La Cruche aux embûches
Un’ princess’ de l’empir’ de l’Est
Posa un jour un pied leste
Sur un’ marqu’ laissée par l’éclair
Sur l’empreint’ d’un dieu du tonnerre (1)
La malédiction d’Illapa
Ou l’eau de Zeús la frappa
L’une ou l’autre la féconda
Et naquir’nt Fúxī et Nǚwā (2)
Un jour où les cieux grondèrent
Leur pèr’ prit sa fourche de fer (3)
Et attira l’éclair létal
Dans une cage de métal
Ni haute ni profond’, ni longue
Piégeant Illapa dit Léigōng
Et sa cruch’ chuta sans cassure
Ni même nulle éclaboussure (4)
Sa fronde oubliée dans les cieux
Il tut son courroux orageux
Auprès de Nǚwā et Fúxī
Il implora qu’on l’affranchît
Mendia pour un maigre buffet
Plaida comme un chiot assoiffé
Les jumeaux cédèrent aux rondos
Et lui servirent un’ goutte d’eau
À peine l’eau toucha ses lèvres
Qu’il fut pris d’une grande fièvre
Tous ses pouvoirs lui retournèrent
La foudr’, l’éclair et le tonnerre
Il s’échappa en tempêtant
Puis laissa une seule dent
Il saisit un marteau de fer (5)
Brisa la jarr’ d’un coup amer
La pluie commença de tomber
Et la Terre fut submergée
Le père lors de son retour
Sortit un canot de secours
Embarqua ses précieux enfants
Ainsi que la divine dent
En calebasse elle se changea
Et ses enfants il y logea
L’eau monta de tell’ment de lieues
Qu’il atteignit bientôt les Cieux
Dont il supplia l’Empereur
De faire cesser ces horreurs
Puisque le déluge atteignait
Bientôt le firmament inquiet
L’Empereur accepta et trancha
Qu’un dieu des flots les asséchât
D’un coup suspendu dans les airs
Le canot s’écrasa sur terre
Dans la gourde en sécurité
Seuls les deux enfants subsistaient
(1) Nous nous sommes ici basés sur la Lu Shi, ancienne forme de poésie chinoise sans limite maximale de longueur et basée sur les distiques (groupes de deux vers) rimés. Chaque distique est phonétiquement et symboliquement lié. Comme toute poésie chinoise, son rythme repose sur les tons et syllabes accentuées que le français ne permet malheureusement pas de retranscrire, mais aussi sur des césures (pause au sein d’un vers) identiques au sein d’un même distique, qui existent en français.

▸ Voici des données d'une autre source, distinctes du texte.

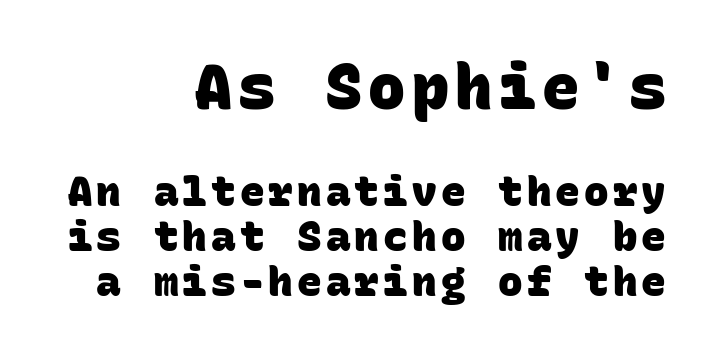
The image shows 62 px heavy sans-serif type, monospaced; set right-aligned, tight line spacing (1.09x), not underlined; the first (top) block is 1.51x larger; low stroke contrast and a large x-height.
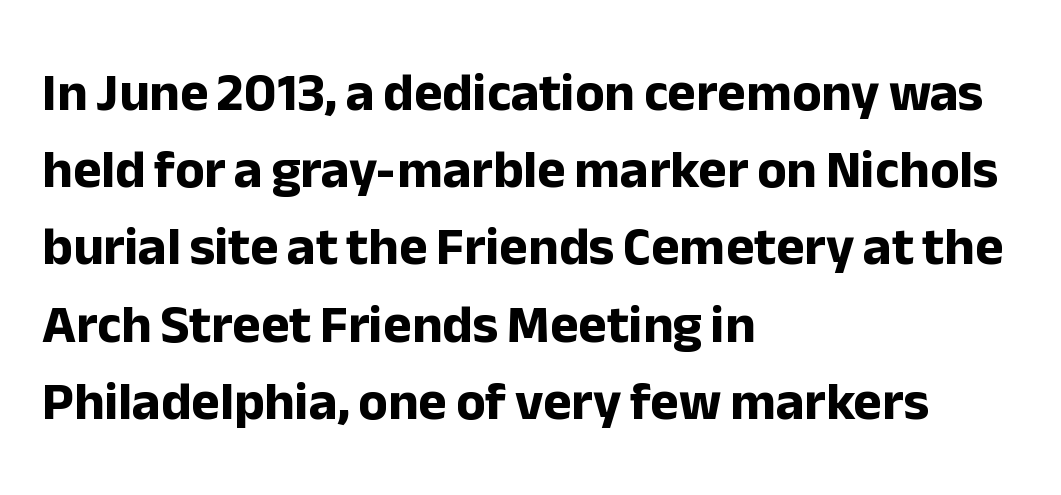
The image shows 54 px bold sans-serif type, upright; set left-aligned, normal line spacing (1.43x), normal letter spacing, not underlined; low stroke contrast and a medium x-height.
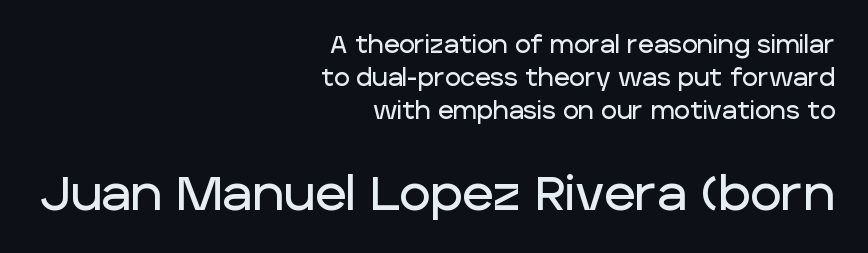
The image shows 48 px sans-serif type, upright; set right-aligned, normal line spacing (1.38x), normal letter spacing, not underlined; the second (bottom) block is 2.0x larger; low stroke contrast and a large x-height.
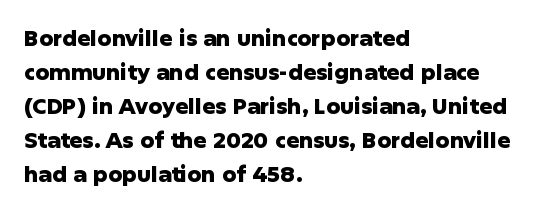
Q: Is the text bold? A: Yes.
Q: Is the text italic (slanted)? A: No, it is upright.
Q: Is the text underlined? A: No.
Q: How is the paragraph aligned? A: Left-aligned.
Q: Is the spacing between letters normal or unusually wide? A: Normal.
Q: Is the spacing between lines tight, normal or loose? A: Normal.
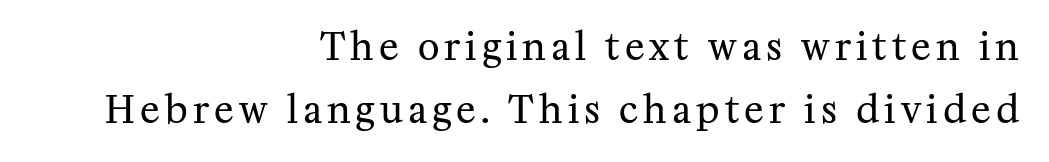
The image shows 37 px regular-weight serif type, upright; set right-aligned, line spacing 1.71x, not underlined; medium stroke contrast and a medium x-height.
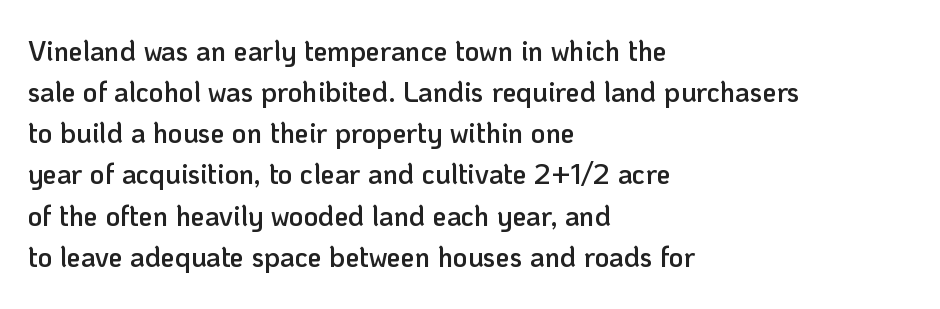
The image shows 28 px semibold sans-serif type, upright; set left-aligned, normal line spacing (1.47x), normal letter spacing, not underlined; low stroke contrast and a medium x-height.
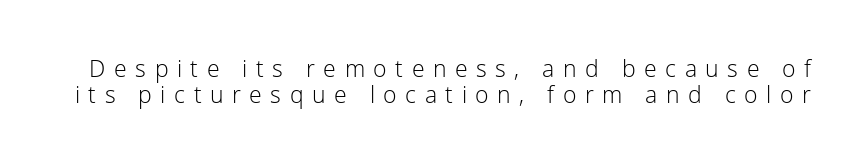
{"italic": "no", "bold": "no", "underline": "no", "line_spacing": "tight", "line_spacing_ratio": 1.15, "letter_spacing": "wide", "letter_spacing_em": 0.37, "glyph_px": 23}

(2) Vous les connaissez peut-être, car il s’agit de personnages et/ou dieux mythiques. Après leur mariage, les jumeaux auraient façonné l’être humain et leur aurait enseigné toutes sortes de choses. Nǚwā tend à être mise en avant dans les récits plus anciens, datant d’une ère matriarcale, et Fúxī dans ceux de l’ère patriarcale. Nous avons omis leurs péripéties démiurges, car dans notre version, les humains existent déjà.
(3) Leur père adoptif, bien sûr.
(4) Dans le mythe originel, le père de Nǚwā et Fúxī compte même mariner Léigōng dans une jarre (mais pas celle de Léigōng, qui n’en possède pas dans la version chinoise, nous avons ici pris des libertés).
(5) On notera ici l’intéressant parallèle entre Léigōng et Thor/Þórr.